[Extracted data entries]
▼

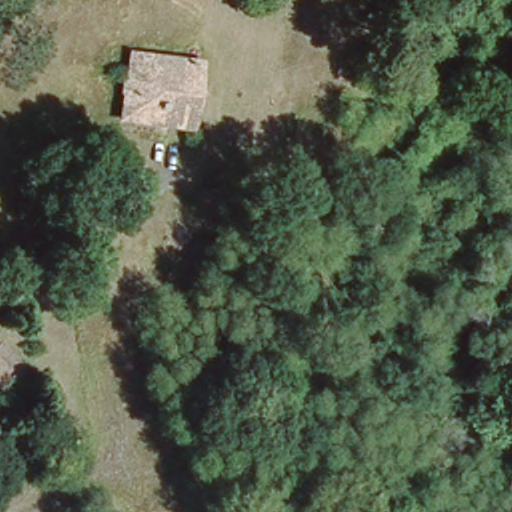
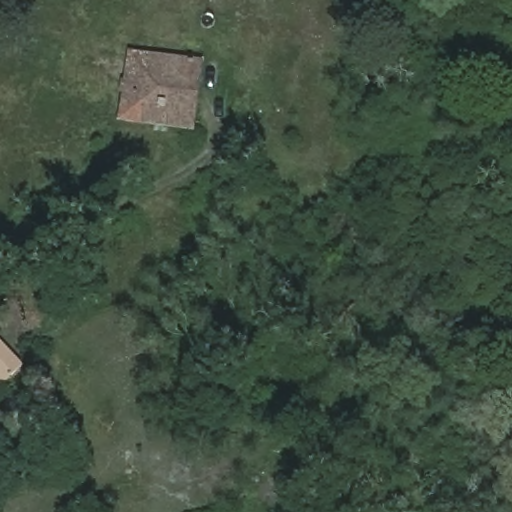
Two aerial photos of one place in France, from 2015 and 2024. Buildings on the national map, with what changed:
unchanged [(187,127),(177,126),(119,115),(135,57),(201,66),(187,127)]
unchanged [(252,256),(190,263),(188,240),(248,232),(252,256)]
demolished [(3,341),(0,343),(0,336),(3,341)]
new [(23,362),(0,386),(0,385),(0,340),(23,362)]

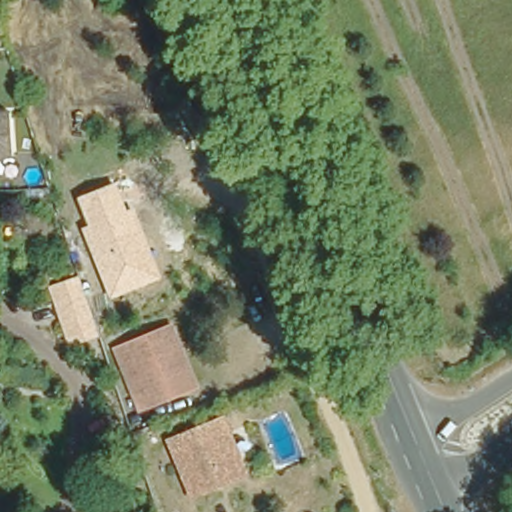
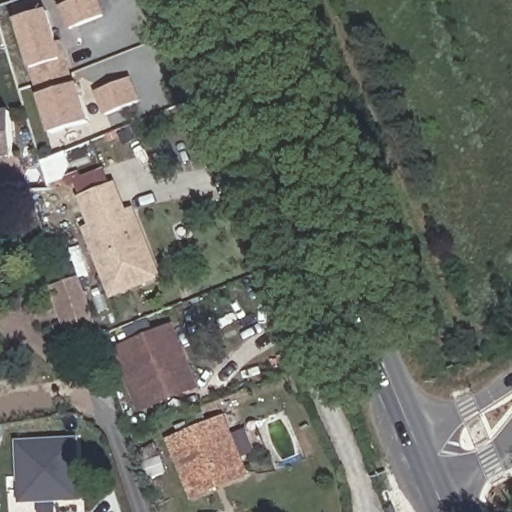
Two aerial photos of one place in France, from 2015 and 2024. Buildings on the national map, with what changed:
new [(90,121),(50,132),(38,96),(30,70),(16,20),(48,11),(63,59),(67,57),(75,84),(79,84),(90,121)]
unchanged [(11,110),(14,154),(0,155),(0,111),(11,110)]
unchanged [(111,297),(83,227),(89,225),(79,197),(117,182),(127,210),(134,207),(161,278),(111,297)]
unchanged [(99,337),(71,346),(50,286),(78,276),(99,337)]
unchanged [(119,347),(127,343),(171,326),(194,382),(151,400),(143,402),(119,347)]
unchanged [(192,492),(175,449),(170,435),(218,415),(224,430),(241,473),(192,492)]
new [(16,477),(15,443),(73,441),(75,498),(33,500),(17,501),(16,477)]

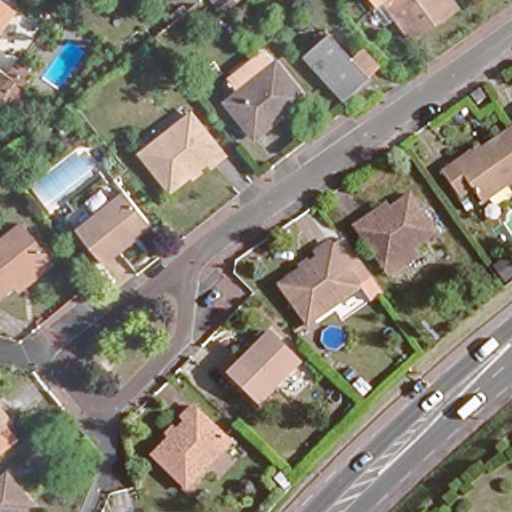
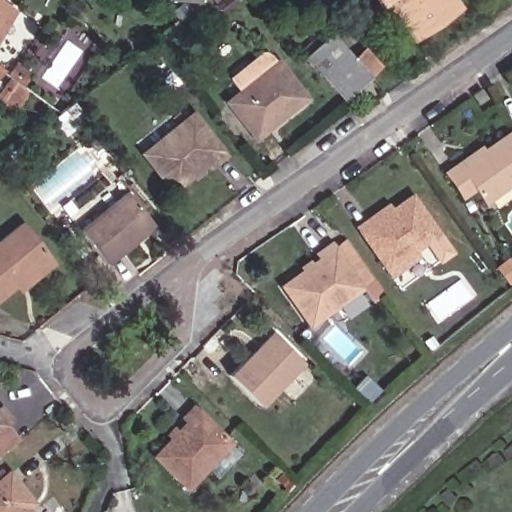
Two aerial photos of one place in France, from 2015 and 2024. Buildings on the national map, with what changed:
unchanged [(0,24),(0,0),(10,0),(15,3),(0,24)]
unchanged [(385,22),(370,0),(462,0),(409,41),(395,17),(385,22)]
unchanged [(297,49),(321,25),(353,58),(363,45),(382,58),(370,75),(344,98),(297,49)]
unchanged [(225,105),(237,94),(226,81),(259,54),(270,59),(279,68),(301,98),(250,137),(225,105)]
unchanged [(466,114),(455,98),(468,88),(480,104),(466,114)]
unchanged [(209,161),(204,155),(170,183),(140,147),(187,108),(221,152),(209,161)]
unchanged [(512,122),(512,124),(511,122),(512,122)]
unchanged [(442,171),(477,146),(481,151),(512,129),(512,183),(480,204),(471,191),(459,199),(442,171)]
unchanged [(104,259),(77,225),(120,189),(147,225),(104,259)]
unchanged [(386,267),(355,224),(381,205),(387,213),(408,197),(433,232),(386,267)]
unchanged [(0,233),(16,220),(42,254),(46,260),(12,287),(8,281),(0,287),(0,233)]
unchanged [(306,251),(317,242),(321,248),(334,237),(336,239),(346,254),(350,260),(361,276),(301,322),(273,287),(312,258),(306,251)]
unchanged [(474,264),(489,254),(499,269),(483,279),(474,264)]
unchanged [(232,370),(272,327),(305,360),(265,402),(232,370)]
unchanged [(10,412),(0,421),(0,401),(1,400),(10,412)]
unchanged [(184,481),(150,452),(181,417),(175,413),(187,400),(226,438),(184,481)]
unchanged [(0,478),(8,471),(31,500),(23,506),(28,512),(0,512),(0,478)]

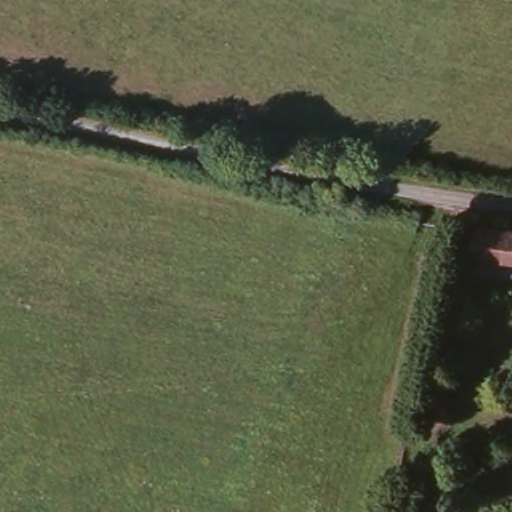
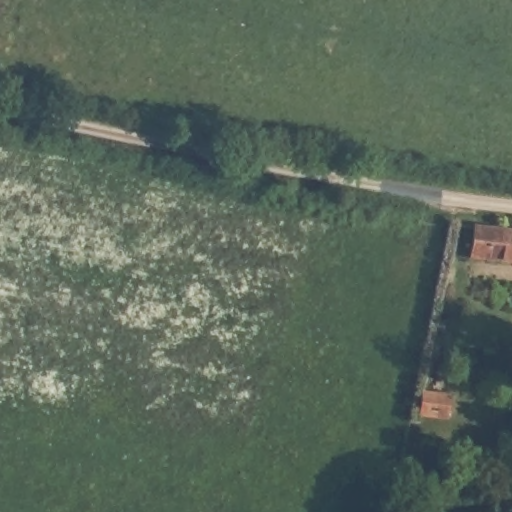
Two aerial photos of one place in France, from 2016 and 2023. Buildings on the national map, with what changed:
unchanged [(512,228),(512,258),(476,251),(482,221),(512,228)]
unchanged [(454,401),(449,423),(423,417),(428,394),(454,401)]

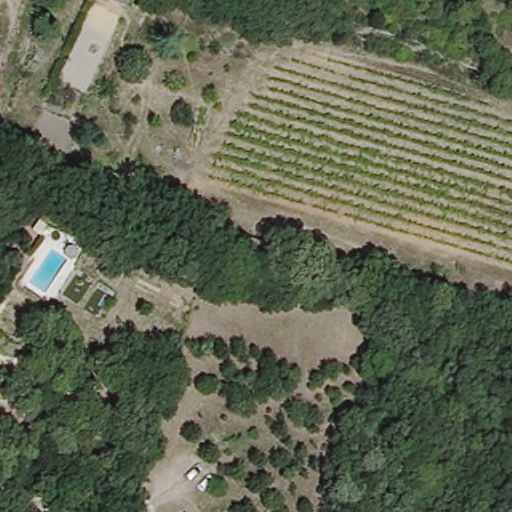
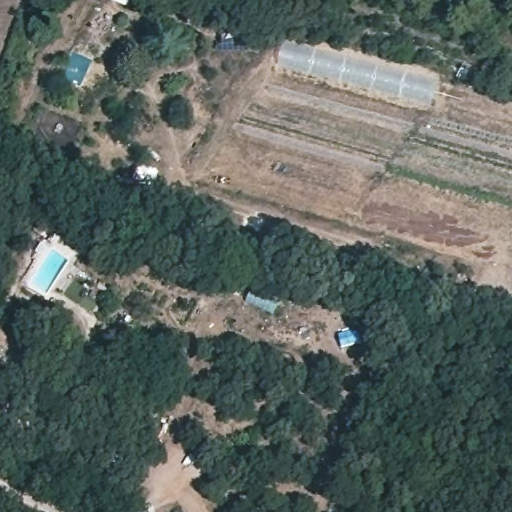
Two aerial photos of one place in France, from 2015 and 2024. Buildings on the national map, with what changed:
unchanged [(113,0),(130,0),(128,6),(113,0)]
new [(283,38),(400,66),(438,76),(431,106),(363,89),(276,64),(283,38)]

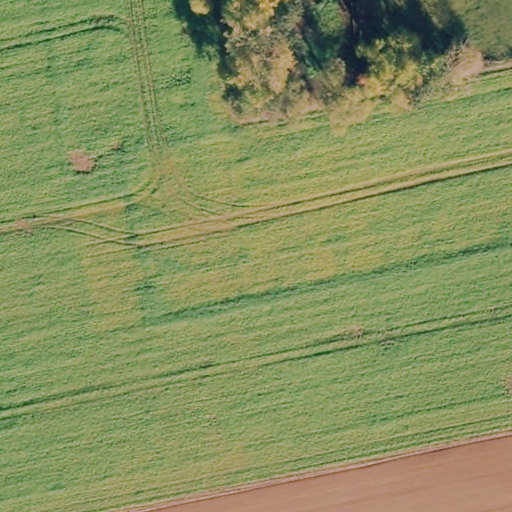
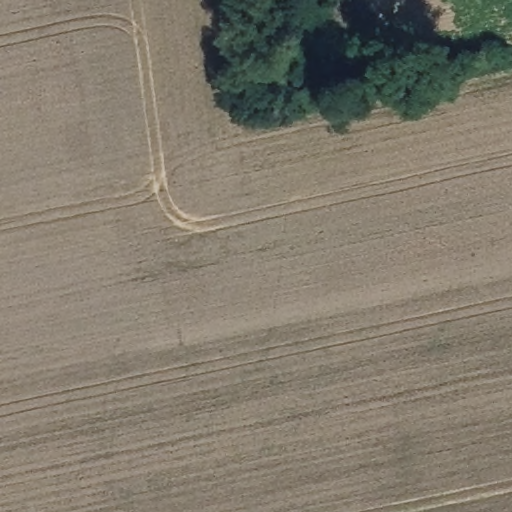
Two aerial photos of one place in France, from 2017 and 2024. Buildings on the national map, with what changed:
unchanged [(364,56),(321,65),(314,0),(357,0),(364,53),(364,56)]

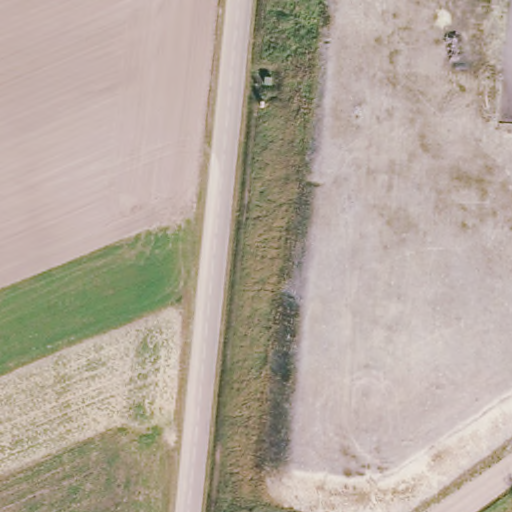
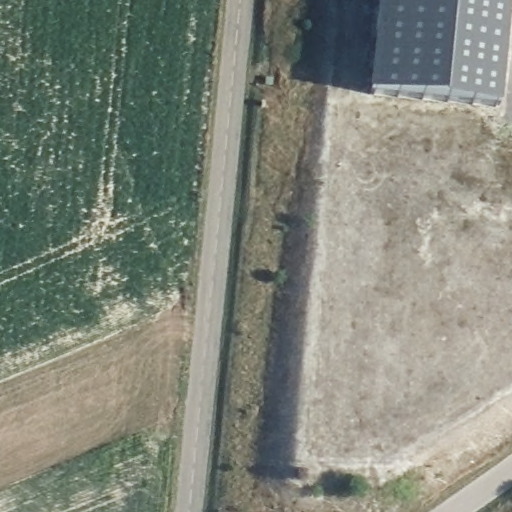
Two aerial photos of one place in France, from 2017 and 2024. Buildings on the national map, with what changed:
new [(387,59),(393,0),(483,0),(512,3),(512,73),(387,59)]
new [(483,0),(512,0),(512,3),(483,0)]
new [(387,59),(512,73),(512,109),(384,97),(387,59)]

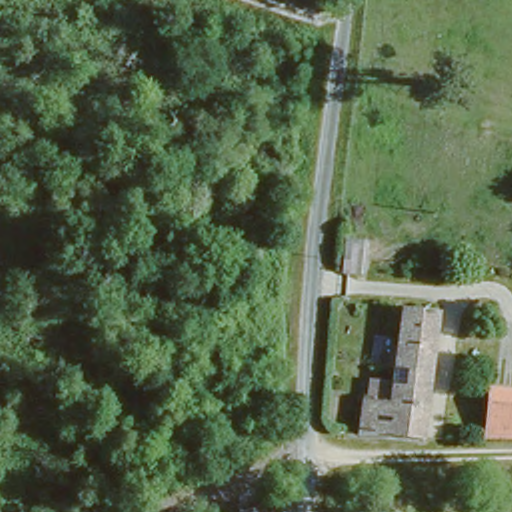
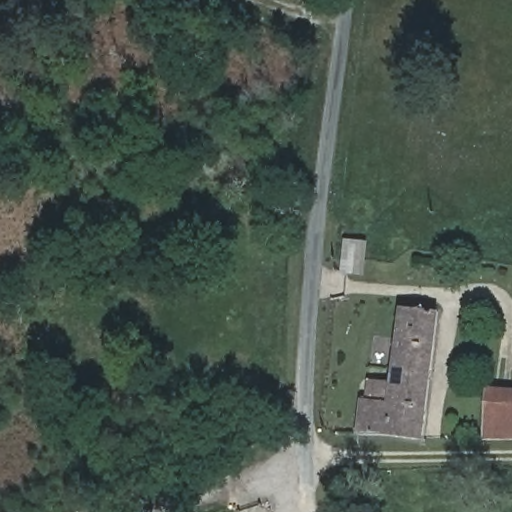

▲

Instructions for the task
Copy every line of the data word for word, omitting the images.

Response to the exercise
Two aerial photos of one place in France, from 2015 and 2024. Buildings on the national map, with what changed:
unchanged [(187,127),(177,126),(119,115),(135,57),(201,66),(187,127)]
unchanged [(252,256),(190,263),(188,240),(248,232),(252,256)]
demolished [(3,341),(0,343),(0,336),(3,341)]
new [(23,362),(0,386),(0,385),(0,340),(23,362)]

Two aerial photos of one place in France, from 2015 and 2024. Buildings on the national map, with what changed:
new [(90,121),(50,132),(38,96),(30,70),(16,20),(48,11),(63,59),(67,57),(75,84),(79,84),(90,121)]
unchanged [(11,110),(14,154),(0,155),(0,111),(11,110)]
unchanged [(111,297),(83,227),(89,225),(79,197),(117,182),(127,210),(134,207),(161,278),(111,297)]
unchanged [(99,337),(71,346),(50,286),(78,276),(99,337)]
unchanged [(119,347),(127,343),(171,326),(194,382),(151,400),(143,402),(119,347)]
unchanged [(192,492),(175,449),(170,435),(218,415),(224,430),(241,473),(192,492)]
new [(16,477),(15,443),(73,441),(75,498),(33,500),(17,501),(16,477)]

Two aerial photos of one place in France, from 2015 and 2024. Buildings on the national map, with what changed:
unchanged [(0,24),(0,0),(10,0),(15,3),(0,24)]
unchanged [(385,22),(370,0),(462,0),(409,41),(395,17),(385,22)]
unchanged [(297,49),(321,25),(353,58),(363,45),(382,58),(370,75),(344,98),(297,49)]
unchanged [(225,105),(237,94),(226,81),(259,54),(270,59),(279,68),(301,98),(250,137),(225,105)]
unchanged [(466,114),(455,98),(468,88),(480,104),(466,114)]
unchanged [(209,161),(204,155),(170,183),(140,147),(187,108),(221,152),(209,161)]
unchanged [(512,122),(512,124),(511,122),(512,122)]
unchanged [(442,171),(477,146),(481,151),(512,129),(512,183),(480,204),(471,191),(459,199),(442,171)]
unchanged [(104,259),(77,225),(120,189),(147,225),(104,259)]
unchanged [(386,267),(355,224),(381,205),(387,213),(408,197),(433,232),(386,267)]
unchanged [(0,233),(16,220),(42,254),(46,260),(12,287),(8,281),(0,287),(0,233)]
unchanged [(306,251),(317,242),(321,248),(334,237),(336,239),(346,254),(350,260),(361,276),(301,322),(273,287),(312,258),(306,251)]
unchanged [(474,264),(489,254),(499,269),(483,279),(474,264)]
unchanged [(232,370),(272,327),(305,360),(265,402),(232,370)]
unchanged [(10,412),(0,421),(0,401),(1,400),(10,412)]
unchanged [(184,481),(150,452),(181,417),(175,413),(187,400),(226,438),(184,481)]
unchanged [(0,478),(8,471),(31,500),(23,506),(28,512),(0,512),(0,478)]

Two aerial photos of one place in France, from 2016 and 2023. Buildings on the national map, with what changed:
unchanged [(512,228),(512,258),(476,251),(482,221),(512,228)]
unchanged [(454,401),(449,423),(423,417),(428,394),(454,401)]

Two aerial photos of one place in France, from 2015 and 2024. Buildings on the national map, with what changed:
unchanged [(113,0),(130,0),(128,6),(113,0)]
new [(283,38),(400,66),(438,76),(431,106),(363,89),(276,64),(283,38)]

Two aerial photos of one place in France, from 2017 and 2024. Buildings on the national map, with what changed:
unchanged [(364,56),(321,65),(314,0),(357,0),(364,53),(364,56)]

Two aerial photos of one place in France, from 2017 and 2024. Buildings on the national map, with what changed:
new [(387,59),(393,0),(483,0),(512,3),(512,73),(387,59)]
new [(483,0),(512,0),(512,3),(483,0)]
new [(387,59),(512,73),(512,109),(384,97),(387,59)]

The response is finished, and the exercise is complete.